На другой день Виталий Сергеевич опять было побежал жаловаться управдому, но тот сказал:
— Делайте что хотите, но я больше не пойду разговаривать с этим вашим Моржом. Уж очень нехорошо он смеется. У меня до сих пор мурашки по спине ходят, как только я вспомню этот его дьявольский смех. Видать, этого Моржова не учили в детстве родители, что нужно уважительно относиться к людям, а теперь его перевоспитать трудно.
Вот когда пожалели соседки, что посоветовали бывшему жильцу Прохору Семеновичу обменять свою комнату! Если бы у них остался жить этот безобидный больной старичок, они бы и горя не знали. Убедившись, что теперь уже все равно ничего поделать нельзя, они кончили тем, что поссорились с Геннадием Варсонофьевичем и перестали с ним разговаривать.
Однако на этом деле пострадали не только соседи, но и наш воробей, который на чердаке жил. Услышав впервые звуки громкоговорителя, Золотой Петушок даже не огорчился.
— Ну и что ж тут такого? — сказал рассудительно он. — Все равно Наденька начинает играть спозаранку, а немного больше музыки или немного меньше, какая разница?
Он не учел в первый момент, что Наденька иногда болела и нет-нет да и давала отдых его бедным, многострадальным ушам. Геннадий же Варсонофьевич Моржов был, как уже сказано, мужчина богатырского телосложения и никогда ничем не болел, разве что кашлем. Как только наш Золотой Петушок убедился, что перерывов в утренней работе радиорепродуктора не предвидится, он принялся страшно возмущаться и хотел даже заявление в домоуправление написать, да так и не собрался, потому что вскорости заболел.
Да, да, заболел! И болезнь к нему привязалась какая-то странная, такая, что даже не поймешь, что за болезнь — не то кашлять хочется, не то чихать, грудь как-то теснит и ничего делать не хочется: не хочется спать, не хочется есть, ни о чем думать не хочется, летать тоже не хочется, потому что крылышками махать лень. Со временем он даже отвык разыскивать для себя еду, а только смотрел: куда остальные воробьи летят, туда и он. Так только и не погиб с голоду.
Весной, когда засияло на небе солнышко, Золотой Петушок было встрепенулся и приободрился. Какое-то радостное чувство, которого он давно уже не испытывал, заиграло в его груди, и он подумал, что жить все-таки хорошо, несмотря ни на что. Он вспомнил, что пора уже строить гнездышко, чтобы вывести маленьких птенчиков, как обычно делали все воробьи весной. Вся болезнь как бы соскочила с него, и он почувствовал себя по-прежнему бодрым, здоровым, сильным.

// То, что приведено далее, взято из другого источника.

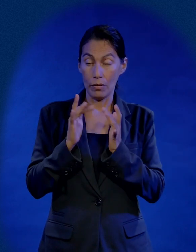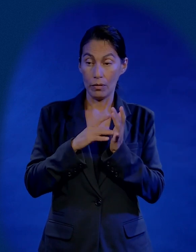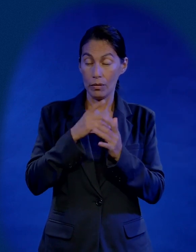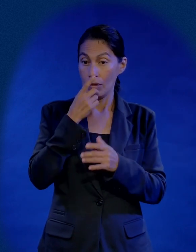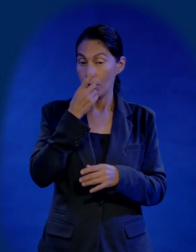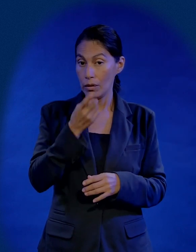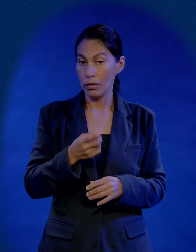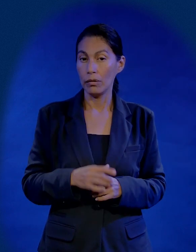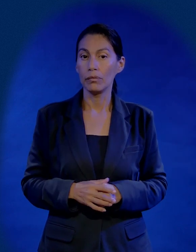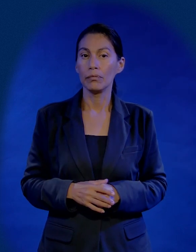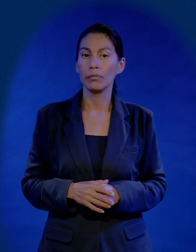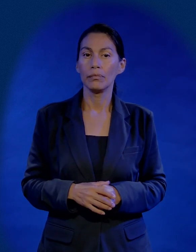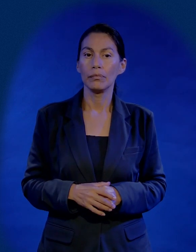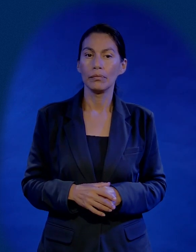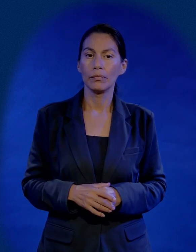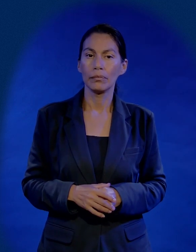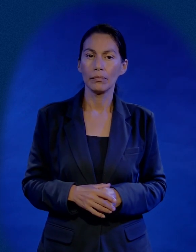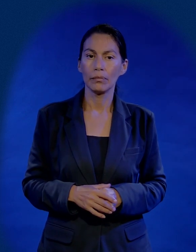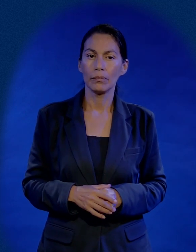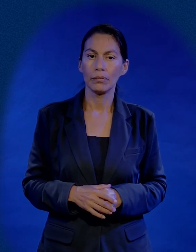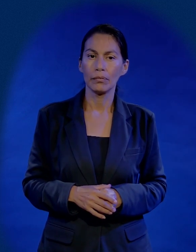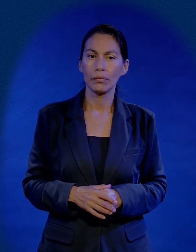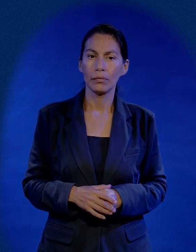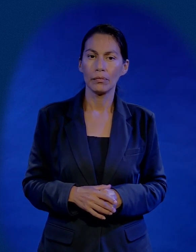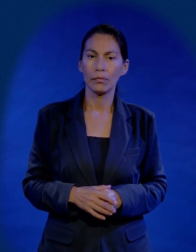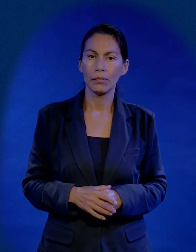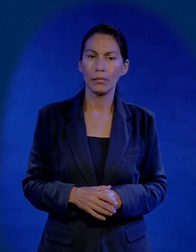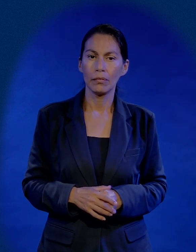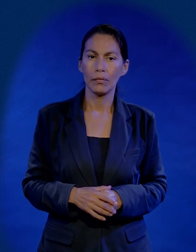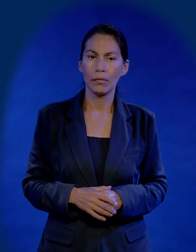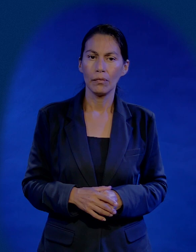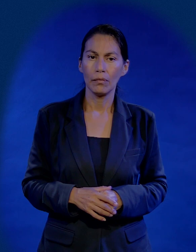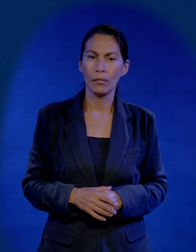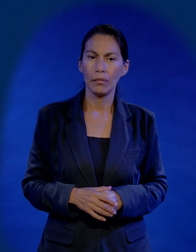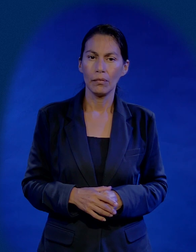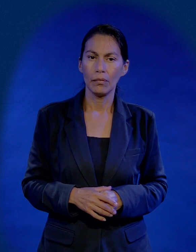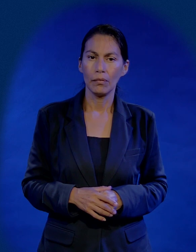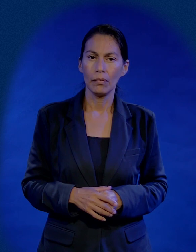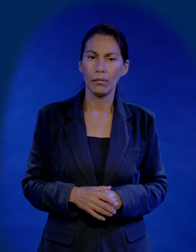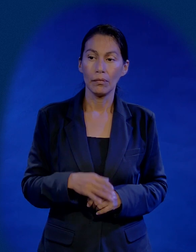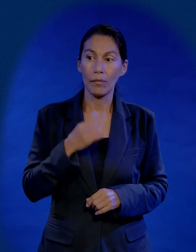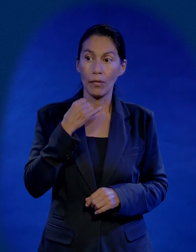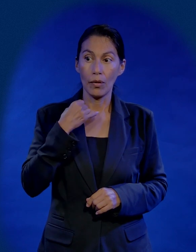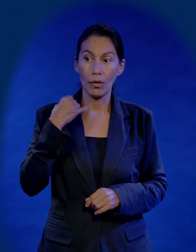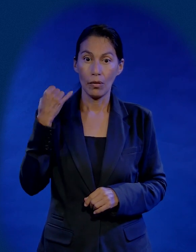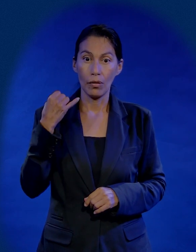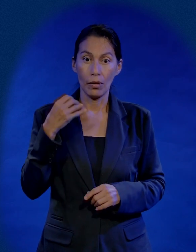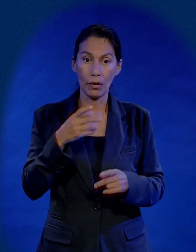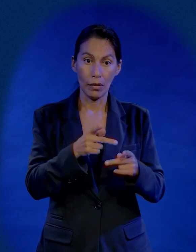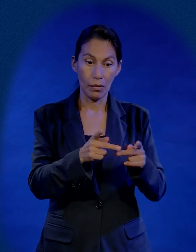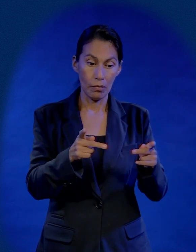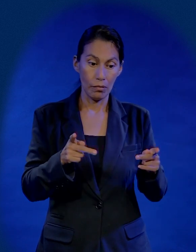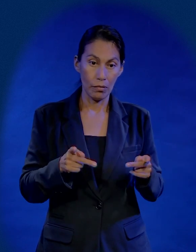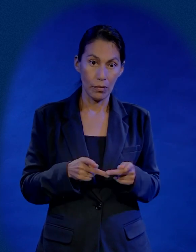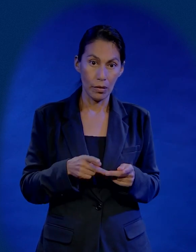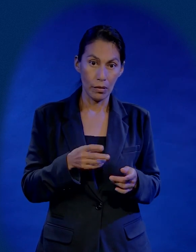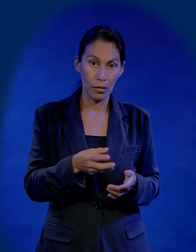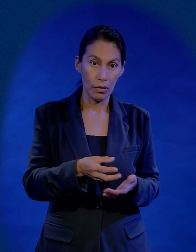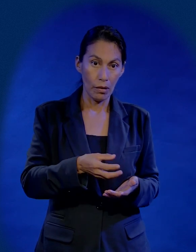y luego Jesús lo lleva al extremo y en una de esas se entiende por el contexto que Judas agarra el plato de
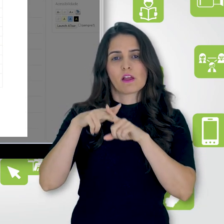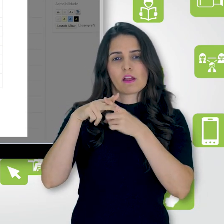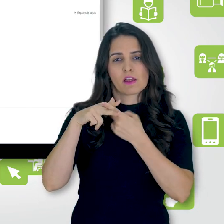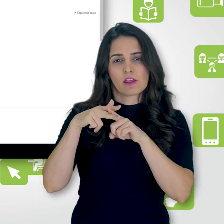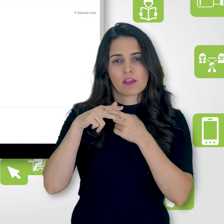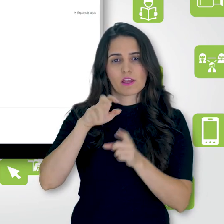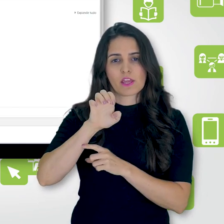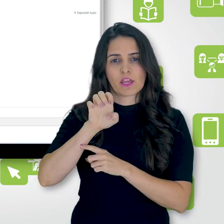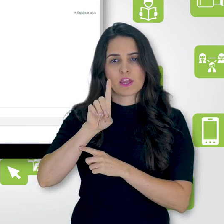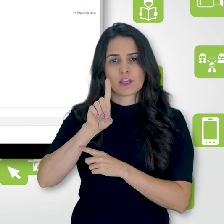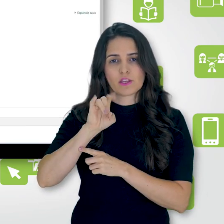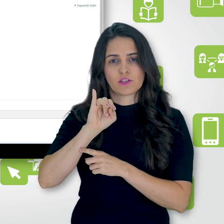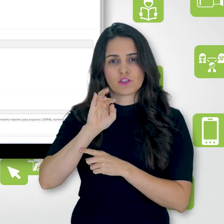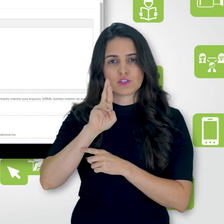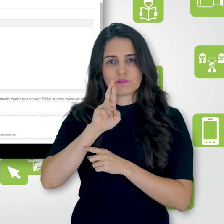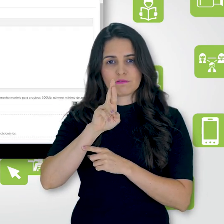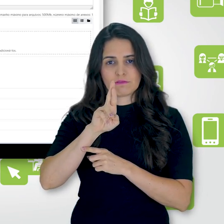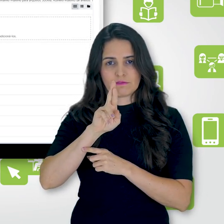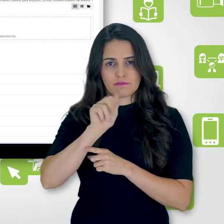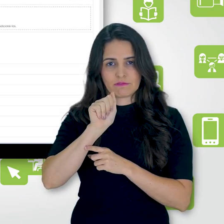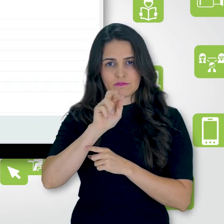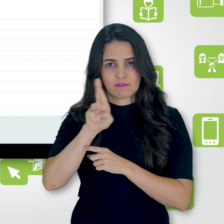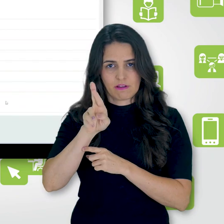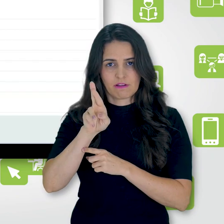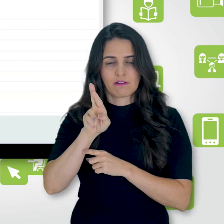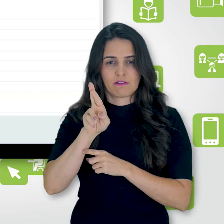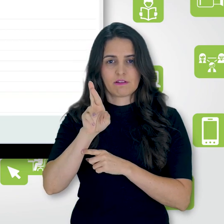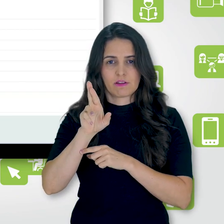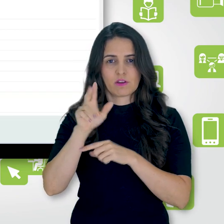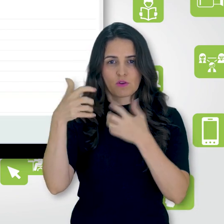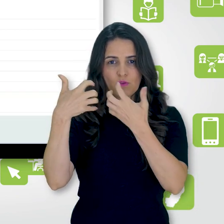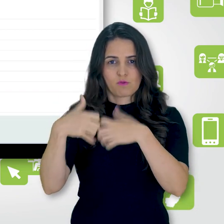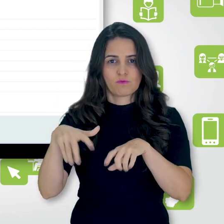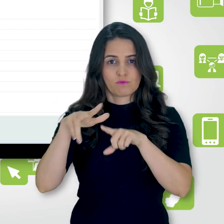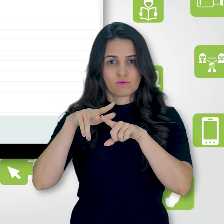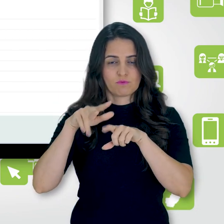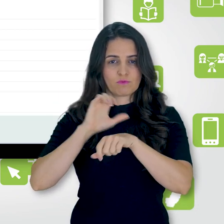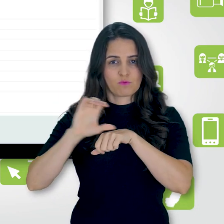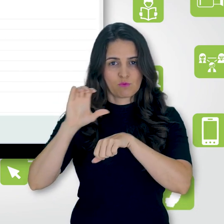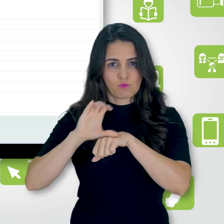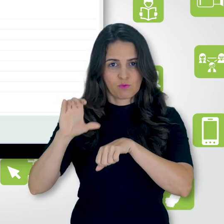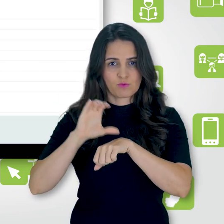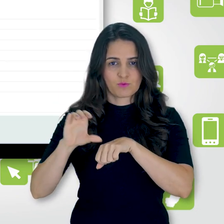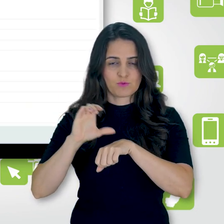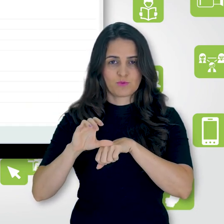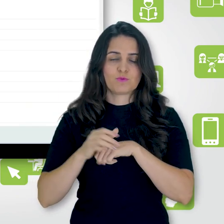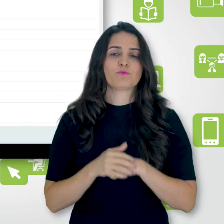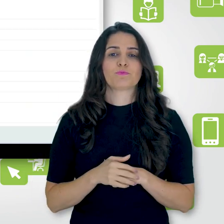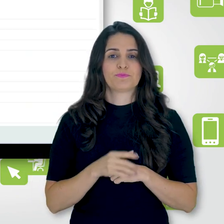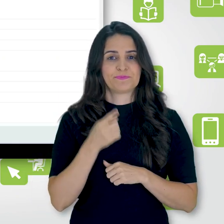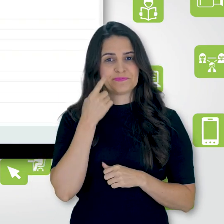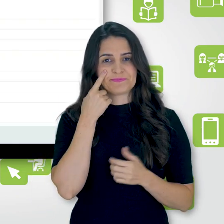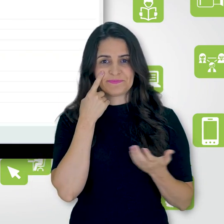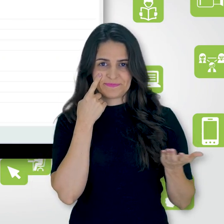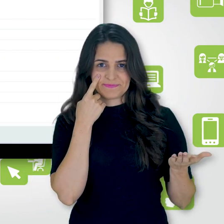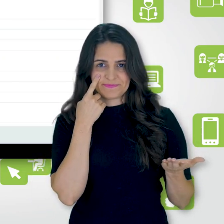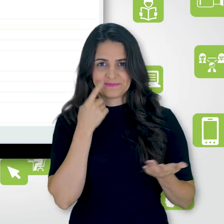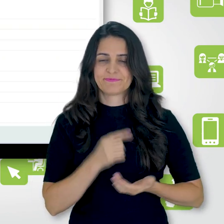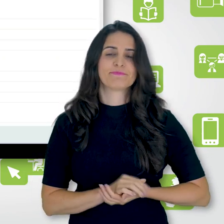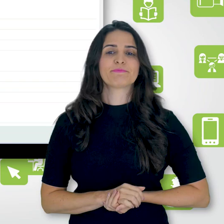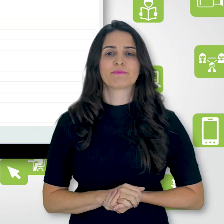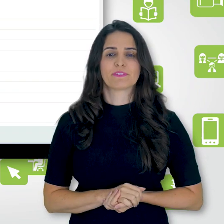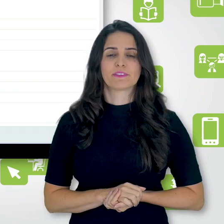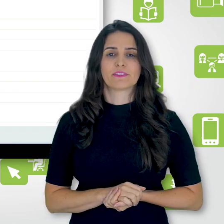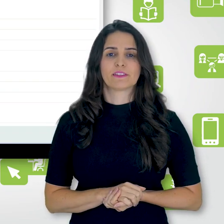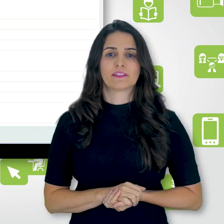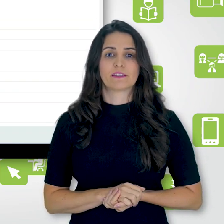as configurações do curso. Então, vamos até o acompanhamento de conclusão. Como

Облюбовав для своего гнезда уютное местечко в застрехе, Золотой Петушок с радостной песней полетел за строительным материалом, то есть за различными прутиками, соломинками, перышками, пушинками, из которых воробьи любят сооружать свои гнезда. И сразу ему посчастливилось. Где-то среди двора он подхватил большой комок мягкой, пушистой, белой, как весеннее облачко, ваты и, взвившись кверху, потащил ее к своему гнезду, но коварный весенний ветер выхватил вату прямо из его клюва.
Не успел Золотой Петушок сообразить, что, собственно говоря, произошло, как из-под карниза дома выпорхнул другой воробей, подхватил на лету комок ваты и улетел с ним.